* **PROVIDED RECORDS**
▶
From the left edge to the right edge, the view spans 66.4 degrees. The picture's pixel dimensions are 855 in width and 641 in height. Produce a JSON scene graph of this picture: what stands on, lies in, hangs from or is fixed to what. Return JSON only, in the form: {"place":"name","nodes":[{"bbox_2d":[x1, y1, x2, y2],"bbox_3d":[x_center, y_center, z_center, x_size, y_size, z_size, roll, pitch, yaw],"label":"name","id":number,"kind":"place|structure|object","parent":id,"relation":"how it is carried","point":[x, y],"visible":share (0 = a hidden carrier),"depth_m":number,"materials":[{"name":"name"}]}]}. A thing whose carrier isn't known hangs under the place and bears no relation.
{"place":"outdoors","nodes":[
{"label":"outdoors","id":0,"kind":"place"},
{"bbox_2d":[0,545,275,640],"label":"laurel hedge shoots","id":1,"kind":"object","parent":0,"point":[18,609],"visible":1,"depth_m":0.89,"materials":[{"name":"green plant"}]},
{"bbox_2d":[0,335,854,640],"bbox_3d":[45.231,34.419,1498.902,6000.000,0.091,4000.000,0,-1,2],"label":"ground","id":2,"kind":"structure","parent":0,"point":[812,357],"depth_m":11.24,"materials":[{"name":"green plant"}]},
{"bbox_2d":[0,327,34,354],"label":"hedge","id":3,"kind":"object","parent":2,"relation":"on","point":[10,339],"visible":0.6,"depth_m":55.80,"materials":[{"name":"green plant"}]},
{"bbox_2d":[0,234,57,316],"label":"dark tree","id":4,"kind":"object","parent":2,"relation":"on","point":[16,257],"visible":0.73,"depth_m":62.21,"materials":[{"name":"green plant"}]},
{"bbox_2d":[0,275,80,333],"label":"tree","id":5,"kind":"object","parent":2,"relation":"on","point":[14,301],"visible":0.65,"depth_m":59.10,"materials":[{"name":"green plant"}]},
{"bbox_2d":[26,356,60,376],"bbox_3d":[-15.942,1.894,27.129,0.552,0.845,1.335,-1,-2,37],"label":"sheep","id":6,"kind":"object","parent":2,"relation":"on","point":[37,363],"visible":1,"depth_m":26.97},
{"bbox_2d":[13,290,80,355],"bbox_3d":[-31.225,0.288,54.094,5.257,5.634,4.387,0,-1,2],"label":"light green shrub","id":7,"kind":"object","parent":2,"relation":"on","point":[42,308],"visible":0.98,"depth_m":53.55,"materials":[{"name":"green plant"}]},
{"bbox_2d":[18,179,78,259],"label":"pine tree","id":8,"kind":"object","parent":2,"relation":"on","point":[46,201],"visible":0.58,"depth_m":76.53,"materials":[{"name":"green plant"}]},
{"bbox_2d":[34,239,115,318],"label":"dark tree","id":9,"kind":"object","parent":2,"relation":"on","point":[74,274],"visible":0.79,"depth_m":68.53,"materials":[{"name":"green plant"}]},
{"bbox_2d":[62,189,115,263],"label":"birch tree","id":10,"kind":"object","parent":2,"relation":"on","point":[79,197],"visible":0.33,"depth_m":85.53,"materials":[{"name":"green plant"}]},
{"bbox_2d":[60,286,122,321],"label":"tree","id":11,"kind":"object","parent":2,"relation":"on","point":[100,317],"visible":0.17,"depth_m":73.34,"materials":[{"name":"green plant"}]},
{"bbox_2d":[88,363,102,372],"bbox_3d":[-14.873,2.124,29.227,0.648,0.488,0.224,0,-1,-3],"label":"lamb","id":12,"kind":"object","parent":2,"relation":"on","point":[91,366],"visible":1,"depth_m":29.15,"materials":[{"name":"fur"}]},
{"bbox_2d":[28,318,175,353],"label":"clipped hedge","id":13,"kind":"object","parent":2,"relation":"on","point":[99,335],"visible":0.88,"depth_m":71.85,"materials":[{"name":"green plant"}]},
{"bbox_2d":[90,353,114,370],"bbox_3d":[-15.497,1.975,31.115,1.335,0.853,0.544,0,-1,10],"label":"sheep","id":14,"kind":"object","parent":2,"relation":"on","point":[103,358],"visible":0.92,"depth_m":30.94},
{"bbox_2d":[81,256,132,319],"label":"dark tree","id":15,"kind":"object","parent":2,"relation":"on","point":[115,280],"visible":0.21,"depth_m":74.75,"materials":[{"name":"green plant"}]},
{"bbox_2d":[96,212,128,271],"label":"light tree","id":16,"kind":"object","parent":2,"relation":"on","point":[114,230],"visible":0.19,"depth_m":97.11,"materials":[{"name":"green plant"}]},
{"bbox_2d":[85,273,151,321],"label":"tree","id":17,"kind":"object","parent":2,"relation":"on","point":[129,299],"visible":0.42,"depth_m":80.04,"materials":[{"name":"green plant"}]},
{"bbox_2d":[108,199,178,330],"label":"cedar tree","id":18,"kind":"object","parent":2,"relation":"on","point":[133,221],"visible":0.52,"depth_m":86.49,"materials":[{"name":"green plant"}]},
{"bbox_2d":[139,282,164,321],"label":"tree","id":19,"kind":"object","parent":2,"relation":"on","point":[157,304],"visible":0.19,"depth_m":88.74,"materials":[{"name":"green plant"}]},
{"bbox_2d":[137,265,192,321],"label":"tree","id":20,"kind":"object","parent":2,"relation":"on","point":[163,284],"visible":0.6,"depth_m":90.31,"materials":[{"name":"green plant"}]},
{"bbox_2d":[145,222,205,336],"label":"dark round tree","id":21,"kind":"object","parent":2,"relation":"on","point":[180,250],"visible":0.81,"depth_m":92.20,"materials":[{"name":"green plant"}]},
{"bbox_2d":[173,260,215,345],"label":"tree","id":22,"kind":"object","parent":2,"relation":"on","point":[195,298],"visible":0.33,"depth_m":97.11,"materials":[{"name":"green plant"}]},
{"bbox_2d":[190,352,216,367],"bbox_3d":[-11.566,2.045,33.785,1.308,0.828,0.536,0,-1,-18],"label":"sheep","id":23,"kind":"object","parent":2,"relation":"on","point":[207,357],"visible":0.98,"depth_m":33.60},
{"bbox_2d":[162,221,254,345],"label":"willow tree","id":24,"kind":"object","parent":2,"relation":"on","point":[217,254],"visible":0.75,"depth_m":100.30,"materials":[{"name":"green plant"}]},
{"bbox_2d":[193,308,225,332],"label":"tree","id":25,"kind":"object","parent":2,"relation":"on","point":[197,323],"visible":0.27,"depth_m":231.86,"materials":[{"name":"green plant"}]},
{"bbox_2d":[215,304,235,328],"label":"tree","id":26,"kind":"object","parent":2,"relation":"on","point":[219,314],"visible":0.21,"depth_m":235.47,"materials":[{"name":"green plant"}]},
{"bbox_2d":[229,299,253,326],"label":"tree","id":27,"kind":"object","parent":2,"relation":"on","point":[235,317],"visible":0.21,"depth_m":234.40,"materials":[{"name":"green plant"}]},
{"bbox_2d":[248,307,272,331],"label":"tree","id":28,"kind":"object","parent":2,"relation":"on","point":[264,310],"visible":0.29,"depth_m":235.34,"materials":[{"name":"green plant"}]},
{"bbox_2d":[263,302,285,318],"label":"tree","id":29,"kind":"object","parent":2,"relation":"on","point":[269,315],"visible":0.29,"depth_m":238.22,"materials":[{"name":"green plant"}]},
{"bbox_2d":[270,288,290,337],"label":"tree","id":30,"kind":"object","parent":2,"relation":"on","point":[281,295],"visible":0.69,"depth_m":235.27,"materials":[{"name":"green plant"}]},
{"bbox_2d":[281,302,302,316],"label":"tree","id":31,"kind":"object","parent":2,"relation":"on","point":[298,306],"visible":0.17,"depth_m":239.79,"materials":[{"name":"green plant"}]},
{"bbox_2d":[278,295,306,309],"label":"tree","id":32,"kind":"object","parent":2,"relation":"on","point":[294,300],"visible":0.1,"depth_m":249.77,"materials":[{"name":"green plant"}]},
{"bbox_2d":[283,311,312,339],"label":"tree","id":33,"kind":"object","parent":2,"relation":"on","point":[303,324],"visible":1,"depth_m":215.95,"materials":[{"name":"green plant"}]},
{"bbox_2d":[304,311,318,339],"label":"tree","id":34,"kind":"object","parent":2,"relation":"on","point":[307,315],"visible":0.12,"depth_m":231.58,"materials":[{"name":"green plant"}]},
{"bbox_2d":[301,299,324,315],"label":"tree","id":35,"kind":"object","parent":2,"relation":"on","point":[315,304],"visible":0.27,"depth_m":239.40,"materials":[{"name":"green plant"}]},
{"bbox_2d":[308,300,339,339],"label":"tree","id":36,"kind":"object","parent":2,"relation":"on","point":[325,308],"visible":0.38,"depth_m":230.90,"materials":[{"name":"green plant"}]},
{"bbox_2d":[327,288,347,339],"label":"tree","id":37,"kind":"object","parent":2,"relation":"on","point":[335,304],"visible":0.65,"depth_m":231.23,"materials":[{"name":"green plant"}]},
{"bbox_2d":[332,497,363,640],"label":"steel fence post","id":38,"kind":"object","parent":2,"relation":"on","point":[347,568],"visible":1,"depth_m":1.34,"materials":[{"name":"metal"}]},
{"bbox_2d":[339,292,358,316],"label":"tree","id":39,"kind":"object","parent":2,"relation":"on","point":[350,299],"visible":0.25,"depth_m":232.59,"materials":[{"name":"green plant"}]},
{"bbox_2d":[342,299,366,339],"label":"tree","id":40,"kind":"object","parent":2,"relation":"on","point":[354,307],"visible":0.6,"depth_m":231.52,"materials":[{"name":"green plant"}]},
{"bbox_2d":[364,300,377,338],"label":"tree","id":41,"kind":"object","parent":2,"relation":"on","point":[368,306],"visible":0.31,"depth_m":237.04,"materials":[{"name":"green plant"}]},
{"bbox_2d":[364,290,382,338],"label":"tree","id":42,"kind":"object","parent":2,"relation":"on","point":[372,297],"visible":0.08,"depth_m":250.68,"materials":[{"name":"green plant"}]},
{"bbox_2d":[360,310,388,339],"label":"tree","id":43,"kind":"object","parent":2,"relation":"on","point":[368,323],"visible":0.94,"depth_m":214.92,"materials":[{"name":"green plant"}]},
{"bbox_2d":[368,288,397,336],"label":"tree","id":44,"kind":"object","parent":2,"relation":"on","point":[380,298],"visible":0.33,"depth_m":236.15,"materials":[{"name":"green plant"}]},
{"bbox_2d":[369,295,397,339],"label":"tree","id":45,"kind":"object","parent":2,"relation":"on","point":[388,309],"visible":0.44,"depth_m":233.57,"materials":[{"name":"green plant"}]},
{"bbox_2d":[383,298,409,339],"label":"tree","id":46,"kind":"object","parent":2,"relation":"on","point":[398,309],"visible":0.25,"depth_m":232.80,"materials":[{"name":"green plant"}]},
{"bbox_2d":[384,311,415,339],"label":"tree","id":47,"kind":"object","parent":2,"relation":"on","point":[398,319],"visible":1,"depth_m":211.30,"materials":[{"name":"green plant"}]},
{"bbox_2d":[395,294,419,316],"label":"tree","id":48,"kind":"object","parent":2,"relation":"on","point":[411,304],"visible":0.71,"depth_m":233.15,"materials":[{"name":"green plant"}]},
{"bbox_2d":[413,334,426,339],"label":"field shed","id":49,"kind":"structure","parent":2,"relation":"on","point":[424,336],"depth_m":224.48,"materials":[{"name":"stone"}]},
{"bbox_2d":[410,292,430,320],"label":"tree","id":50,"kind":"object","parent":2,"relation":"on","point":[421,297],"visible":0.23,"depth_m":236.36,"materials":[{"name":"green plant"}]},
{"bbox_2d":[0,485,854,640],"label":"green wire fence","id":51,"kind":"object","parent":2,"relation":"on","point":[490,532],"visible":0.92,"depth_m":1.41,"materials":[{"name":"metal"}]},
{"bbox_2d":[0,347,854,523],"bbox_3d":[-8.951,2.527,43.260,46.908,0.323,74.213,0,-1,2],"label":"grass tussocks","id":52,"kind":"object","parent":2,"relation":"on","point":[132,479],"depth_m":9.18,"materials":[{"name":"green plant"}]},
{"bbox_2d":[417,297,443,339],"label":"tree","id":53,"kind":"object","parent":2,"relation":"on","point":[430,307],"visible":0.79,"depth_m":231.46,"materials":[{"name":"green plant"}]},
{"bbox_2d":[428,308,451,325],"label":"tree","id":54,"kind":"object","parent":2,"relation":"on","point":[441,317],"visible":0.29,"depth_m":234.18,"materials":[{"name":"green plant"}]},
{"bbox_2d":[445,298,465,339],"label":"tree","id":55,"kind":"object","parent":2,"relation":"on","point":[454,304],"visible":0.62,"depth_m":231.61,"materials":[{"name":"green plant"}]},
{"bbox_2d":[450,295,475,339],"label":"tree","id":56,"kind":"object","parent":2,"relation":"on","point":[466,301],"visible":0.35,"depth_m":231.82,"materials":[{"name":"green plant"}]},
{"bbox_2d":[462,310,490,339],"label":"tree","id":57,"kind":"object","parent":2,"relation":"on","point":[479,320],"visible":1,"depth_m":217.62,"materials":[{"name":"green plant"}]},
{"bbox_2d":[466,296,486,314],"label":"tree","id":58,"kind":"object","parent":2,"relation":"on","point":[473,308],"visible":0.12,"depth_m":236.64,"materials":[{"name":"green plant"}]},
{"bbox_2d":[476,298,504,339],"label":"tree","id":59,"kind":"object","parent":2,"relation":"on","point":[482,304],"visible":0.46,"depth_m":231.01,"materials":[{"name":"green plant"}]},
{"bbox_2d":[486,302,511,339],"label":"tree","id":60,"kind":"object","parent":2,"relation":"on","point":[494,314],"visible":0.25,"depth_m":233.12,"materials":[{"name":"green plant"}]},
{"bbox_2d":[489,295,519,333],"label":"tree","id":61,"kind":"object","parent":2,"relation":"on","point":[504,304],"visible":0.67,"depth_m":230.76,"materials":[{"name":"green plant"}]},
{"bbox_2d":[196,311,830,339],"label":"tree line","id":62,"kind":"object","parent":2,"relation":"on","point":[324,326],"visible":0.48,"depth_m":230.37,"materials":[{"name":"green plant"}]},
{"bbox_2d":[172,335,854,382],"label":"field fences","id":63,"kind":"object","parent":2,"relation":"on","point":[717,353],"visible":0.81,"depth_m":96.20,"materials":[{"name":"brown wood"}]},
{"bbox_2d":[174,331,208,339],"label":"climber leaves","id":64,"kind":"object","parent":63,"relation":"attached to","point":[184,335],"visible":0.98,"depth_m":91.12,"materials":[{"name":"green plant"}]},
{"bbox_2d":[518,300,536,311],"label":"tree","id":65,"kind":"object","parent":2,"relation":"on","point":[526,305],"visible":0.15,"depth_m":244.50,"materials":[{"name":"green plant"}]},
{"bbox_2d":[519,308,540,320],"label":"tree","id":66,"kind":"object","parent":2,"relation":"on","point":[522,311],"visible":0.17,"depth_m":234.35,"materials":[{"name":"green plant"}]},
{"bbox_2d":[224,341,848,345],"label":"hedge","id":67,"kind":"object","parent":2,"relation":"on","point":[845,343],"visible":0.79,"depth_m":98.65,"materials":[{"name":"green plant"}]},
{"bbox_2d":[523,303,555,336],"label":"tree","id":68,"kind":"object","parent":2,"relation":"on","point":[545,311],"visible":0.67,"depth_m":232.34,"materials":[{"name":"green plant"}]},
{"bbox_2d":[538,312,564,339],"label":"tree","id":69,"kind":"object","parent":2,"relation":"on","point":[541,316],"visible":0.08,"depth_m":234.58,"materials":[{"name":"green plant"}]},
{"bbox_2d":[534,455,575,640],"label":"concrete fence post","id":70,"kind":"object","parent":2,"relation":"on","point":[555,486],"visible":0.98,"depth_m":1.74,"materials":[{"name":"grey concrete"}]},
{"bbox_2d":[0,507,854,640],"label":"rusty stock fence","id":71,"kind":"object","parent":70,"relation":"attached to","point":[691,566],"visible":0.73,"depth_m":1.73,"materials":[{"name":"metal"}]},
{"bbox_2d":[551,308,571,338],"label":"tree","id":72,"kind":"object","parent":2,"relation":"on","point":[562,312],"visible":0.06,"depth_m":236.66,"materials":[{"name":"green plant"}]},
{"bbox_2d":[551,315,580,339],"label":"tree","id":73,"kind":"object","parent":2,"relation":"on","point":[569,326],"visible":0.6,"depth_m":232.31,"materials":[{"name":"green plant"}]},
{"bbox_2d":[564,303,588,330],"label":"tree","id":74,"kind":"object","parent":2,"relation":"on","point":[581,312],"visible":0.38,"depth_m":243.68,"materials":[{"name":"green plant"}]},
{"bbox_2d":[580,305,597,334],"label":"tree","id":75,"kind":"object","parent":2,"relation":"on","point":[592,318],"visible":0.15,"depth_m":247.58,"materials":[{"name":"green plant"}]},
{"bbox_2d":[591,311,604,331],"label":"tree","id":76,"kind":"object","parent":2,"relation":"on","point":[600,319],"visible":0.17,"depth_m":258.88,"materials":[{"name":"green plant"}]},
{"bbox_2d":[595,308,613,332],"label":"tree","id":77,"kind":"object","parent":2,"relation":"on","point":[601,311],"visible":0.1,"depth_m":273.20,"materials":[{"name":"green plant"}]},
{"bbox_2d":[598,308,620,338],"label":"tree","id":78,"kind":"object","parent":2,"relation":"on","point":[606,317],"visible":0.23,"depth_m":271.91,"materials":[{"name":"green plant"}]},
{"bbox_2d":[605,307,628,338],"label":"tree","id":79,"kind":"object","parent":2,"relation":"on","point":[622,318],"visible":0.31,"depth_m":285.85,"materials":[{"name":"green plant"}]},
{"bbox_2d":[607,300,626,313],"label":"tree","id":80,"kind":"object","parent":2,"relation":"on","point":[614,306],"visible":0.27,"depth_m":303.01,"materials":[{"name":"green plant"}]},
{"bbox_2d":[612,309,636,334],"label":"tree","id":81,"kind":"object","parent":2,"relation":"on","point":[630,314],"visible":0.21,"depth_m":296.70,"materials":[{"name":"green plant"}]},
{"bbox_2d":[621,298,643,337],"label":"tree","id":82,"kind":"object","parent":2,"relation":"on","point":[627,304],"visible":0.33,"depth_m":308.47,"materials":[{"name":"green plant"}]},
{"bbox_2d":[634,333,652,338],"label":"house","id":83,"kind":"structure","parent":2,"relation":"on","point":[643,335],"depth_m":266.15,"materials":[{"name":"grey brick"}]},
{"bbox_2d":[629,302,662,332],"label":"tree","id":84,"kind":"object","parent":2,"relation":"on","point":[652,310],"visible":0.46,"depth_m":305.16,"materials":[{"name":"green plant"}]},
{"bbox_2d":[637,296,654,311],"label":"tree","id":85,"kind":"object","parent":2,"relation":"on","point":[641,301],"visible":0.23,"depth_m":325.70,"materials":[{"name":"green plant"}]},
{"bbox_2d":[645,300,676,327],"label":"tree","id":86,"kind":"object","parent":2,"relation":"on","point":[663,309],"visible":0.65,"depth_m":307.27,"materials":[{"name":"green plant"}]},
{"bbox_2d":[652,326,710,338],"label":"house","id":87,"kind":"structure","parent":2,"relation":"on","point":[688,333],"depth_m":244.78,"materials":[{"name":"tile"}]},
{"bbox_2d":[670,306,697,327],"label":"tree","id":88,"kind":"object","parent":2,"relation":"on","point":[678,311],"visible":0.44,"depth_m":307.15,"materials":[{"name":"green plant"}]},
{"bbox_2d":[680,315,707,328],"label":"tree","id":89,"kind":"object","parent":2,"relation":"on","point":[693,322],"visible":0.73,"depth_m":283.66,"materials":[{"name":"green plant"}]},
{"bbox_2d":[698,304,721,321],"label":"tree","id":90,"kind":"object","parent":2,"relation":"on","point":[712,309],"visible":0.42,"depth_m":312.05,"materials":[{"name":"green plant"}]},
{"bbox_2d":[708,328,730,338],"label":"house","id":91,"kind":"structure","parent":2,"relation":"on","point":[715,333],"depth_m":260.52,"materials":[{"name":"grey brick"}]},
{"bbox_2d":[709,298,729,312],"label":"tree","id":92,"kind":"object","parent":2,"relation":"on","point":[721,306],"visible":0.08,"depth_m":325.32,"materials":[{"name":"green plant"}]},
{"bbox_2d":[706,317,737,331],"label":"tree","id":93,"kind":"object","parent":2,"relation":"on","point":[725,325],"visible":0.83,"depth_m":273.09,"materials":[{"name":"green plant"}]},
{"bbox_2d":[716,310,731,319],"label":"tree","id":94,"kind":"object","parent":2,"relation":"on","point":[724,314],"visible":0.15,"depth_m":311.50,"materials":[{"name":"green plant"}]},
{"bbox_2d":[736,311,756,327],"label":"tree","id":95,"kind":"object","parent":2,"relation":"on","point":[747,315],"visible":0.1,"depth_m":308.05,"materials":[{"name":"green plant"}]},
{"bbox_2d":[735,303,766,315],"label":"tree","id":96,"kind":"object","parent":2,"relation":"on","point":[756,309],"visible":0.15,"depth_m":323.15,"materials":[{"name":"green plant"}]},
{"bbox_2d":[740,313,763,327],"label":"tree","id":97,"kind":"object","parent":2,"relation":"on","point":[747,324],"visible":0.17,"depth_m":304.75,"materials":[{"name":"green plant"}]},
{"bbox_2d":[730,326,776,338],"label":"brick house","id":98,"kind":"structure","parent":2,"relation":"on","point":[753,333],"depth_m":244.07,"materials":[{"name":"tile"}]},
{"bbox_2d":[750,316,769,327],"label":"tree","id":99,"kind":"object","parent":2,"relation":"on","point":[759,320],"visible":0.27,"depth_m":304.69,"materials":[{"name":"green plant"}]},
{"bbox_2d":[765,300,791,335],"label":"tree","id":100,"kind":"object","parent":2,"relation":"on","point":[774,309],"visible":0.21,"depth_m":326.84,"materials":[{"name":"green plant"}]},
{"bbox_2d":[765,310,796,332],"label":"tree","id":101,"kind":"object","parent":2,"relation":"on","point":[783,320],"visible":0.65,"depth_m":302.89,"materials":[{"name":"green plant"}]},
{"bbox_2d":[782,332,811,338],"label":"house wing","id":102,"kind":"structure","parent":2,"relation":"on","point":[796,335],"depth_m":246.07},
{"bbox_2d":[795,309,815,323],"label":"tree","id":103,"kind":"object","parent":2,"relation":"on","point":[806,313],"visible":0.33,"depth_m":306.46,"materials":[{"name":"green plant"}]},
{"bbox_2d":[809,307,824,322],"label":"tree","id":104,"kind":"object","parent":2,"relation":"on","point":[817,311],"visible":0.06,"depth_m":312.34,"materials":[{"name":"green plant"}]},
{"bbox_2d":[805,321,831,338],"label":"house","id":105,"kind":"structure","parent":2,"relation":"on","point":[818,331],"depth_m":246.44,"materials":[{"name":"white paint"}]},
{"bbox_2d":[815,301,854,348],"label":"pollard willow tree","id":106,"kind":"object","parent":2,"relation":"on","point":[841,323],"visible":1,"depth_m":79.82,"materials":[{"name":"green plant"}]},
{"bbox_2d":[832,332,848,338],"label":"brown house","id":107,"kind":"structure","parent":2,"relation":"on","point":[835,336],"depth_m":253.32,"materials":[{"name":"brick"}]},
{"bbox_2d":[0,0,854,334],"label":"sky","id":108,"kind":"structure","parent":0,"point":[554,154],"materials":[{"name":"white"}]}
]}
◀
* **THE TASK**
In the entries above, find every line holding the word "tile" and copy it out.

* **REPLY TO THE EXERCISE**
{"bbox_2d":[652,326,710,338],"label":"house","id":87,"kind":"structure","parent":2,"relation":"on","point":[688,333],"depth_m":244.78,"materials":[{"name":"tile"}]},
{"bbox_2d":[730,326,776,338],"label":"brick house","id":98,"kind":"structure","parent":2,"relation":"on","point":[753,333],"depth_m":244.07,"materials":[{"name":"tile"}]},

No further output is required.